To enable precision therapeutics through multimodal representation learning across chemical, protein, and biological spaces. This includes AffinityNet, a multimodal chemical foundation model that aligns small molecules, protein sequences, functional domains, and patent literature into a shared latent space for drug-target affinity prediction, molecular generation, and drug repurposing. Trained on binding data, AffinityNet achieves state-of-the-art generalization and enables scaffold-level molecular reasoning across over 11,000 post-Phase I drugs. Our modular approach targets specific disease pathways — neuroinflammation, lipid dysregulation, cholesterol transport — as reusable therapeutic building blocks that can be recombined across disorders and patients, combined with patient-derived brain organoid systems for functional validation and agentic AI pipelines (SPHINX) for autonomous therapeutic prioritization.

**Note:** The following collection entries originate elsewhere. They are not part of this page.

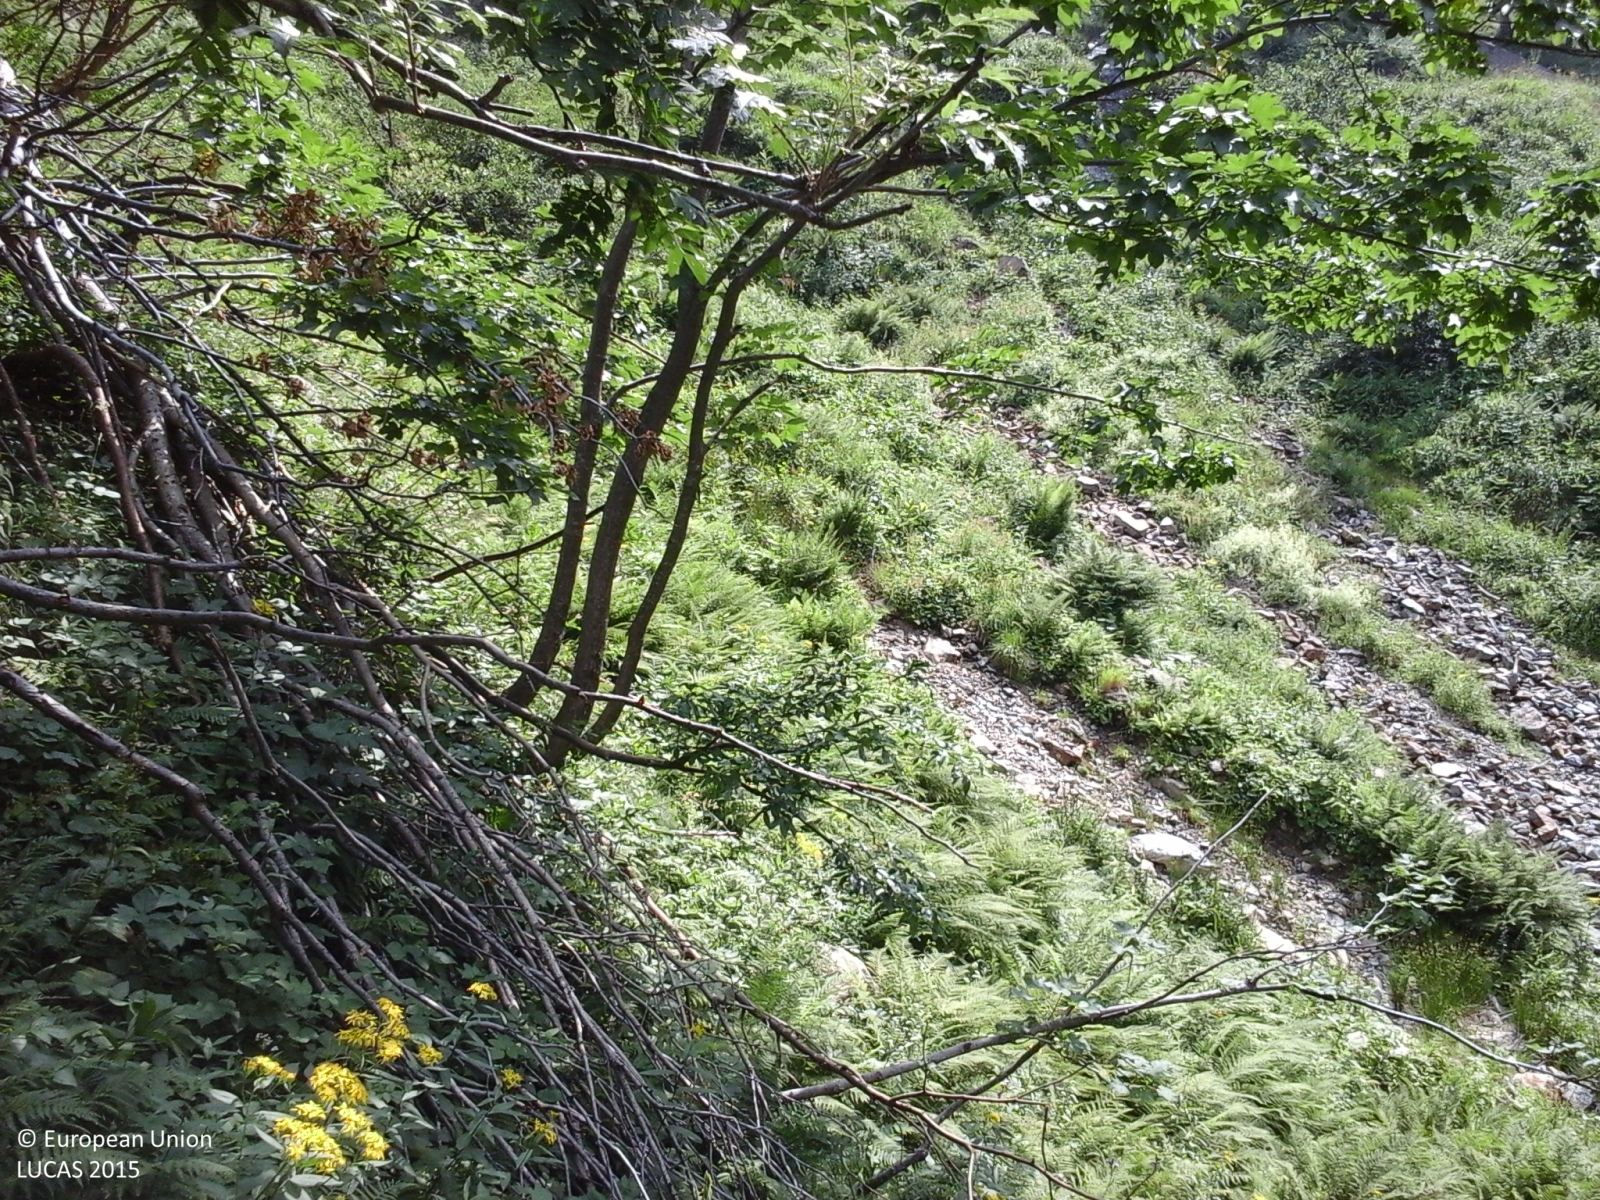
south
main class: Woodland
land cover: Broadleaved woodland
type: mountainous beech forest
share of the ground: 50 - 75 %
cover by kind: broadleaved forest trees 60 %, shrubs 20 %, consolidated bare surface 20 %
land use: Semi-natural and natural areas not in use
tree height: > 5 m
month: July
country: IT
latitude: 44.1722
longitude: 7.3418
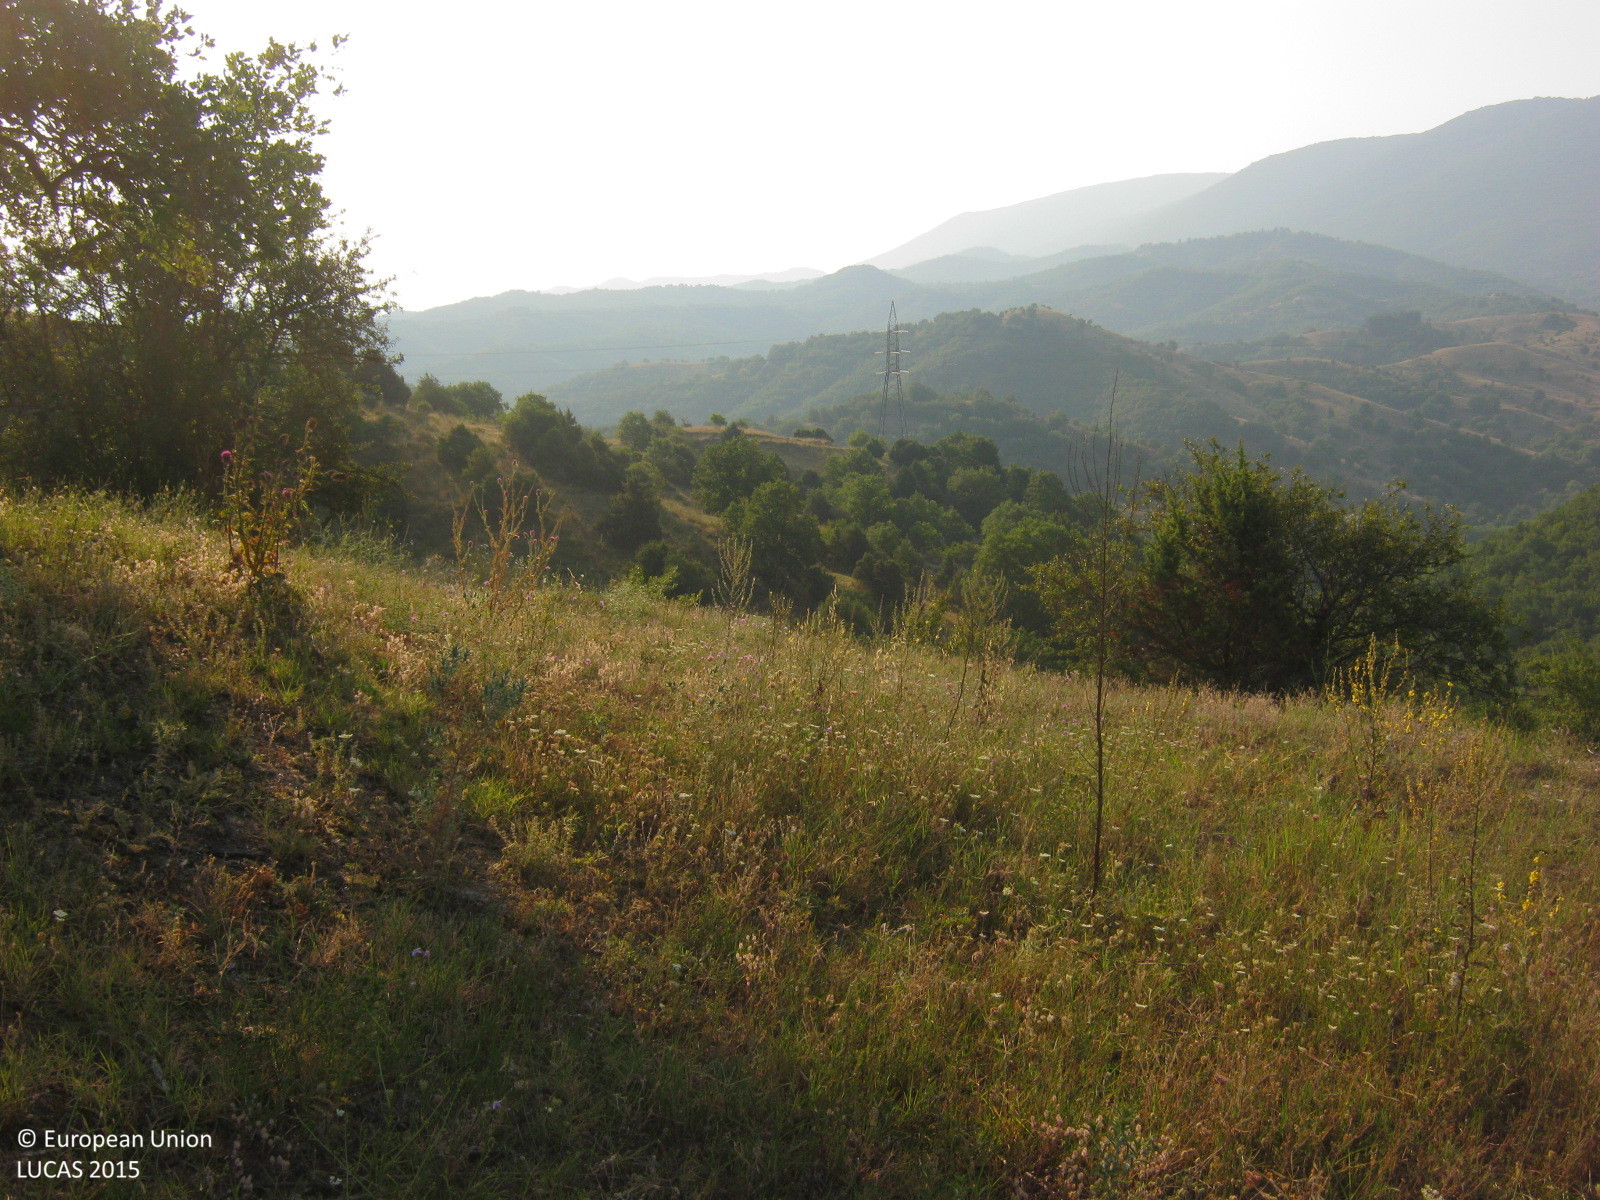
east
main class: Woodland
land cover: Broadleaved woodland
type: thermophilous deciduous forest
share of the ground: 25 - 50 %
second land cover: Spontaneously vegetated surfaces
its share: > 75 %
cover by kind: herbaceous plants 60 %, broadleaved forest trees 40 %
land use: Forestry
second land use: Agriculture (excluding fallow land and kitchen gardens)
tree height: > 5 m
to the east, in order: Broadleaved woodland; Spontaneously vegetated surfaces; Broadleaved woodland; Grassland with sparse tree/shrub cover
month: July
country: GR
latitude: 41.2469
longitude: 24.4385

Disease Circuitry and Single-Cell Genomics

To understand the cellular and molecular basis of complex disease at single-cell resolution. This includes the development of Cell-Projected Phenotypes (CPP), a framework for mapping donor-level clinical variables onto

individual cells, revealing intra-individual heterogeneity in disease manifestation. Applied to 3.4 million cells from nearly 600 Alzheimer’s disease donors, CPP uncovers disease subtypes with distinct cognitive trajectories, identifies cell-type-specific axes of transcriptional dysregulation, and dramatically amplifies detection of disease-associated genes and metabolic alterations compared to traditional case-control analyses. Extends to the role of sex, hormone therapy, and environmental factors in modulating disease trajectories across cell types and brain regions.

AI Deployment Across Science and Industry

To apply joint multimodal representation learning and cognitive cartography across diverse knowledge domains. In real estate, we encode locations in semantic space integrating demographics, mobility, commercial ecology, and street connectivity, revealing analog locations across the globe and the deep drivers of success. In enterprise intelligence, we map organizational knowledge — contracts, decisions, competitive landscapes — into navigable spaces where gaps and opportunities emerge from the structure of the data. In scientific discovery, we deploy SPHINX, a multi-agent system that autonomously conducts literature synthesis, hypothesis generation, data analysis, in-silico experimentation, and wet-lab recommendation, integrated with Mantis for transparent agentic reasoning at scale.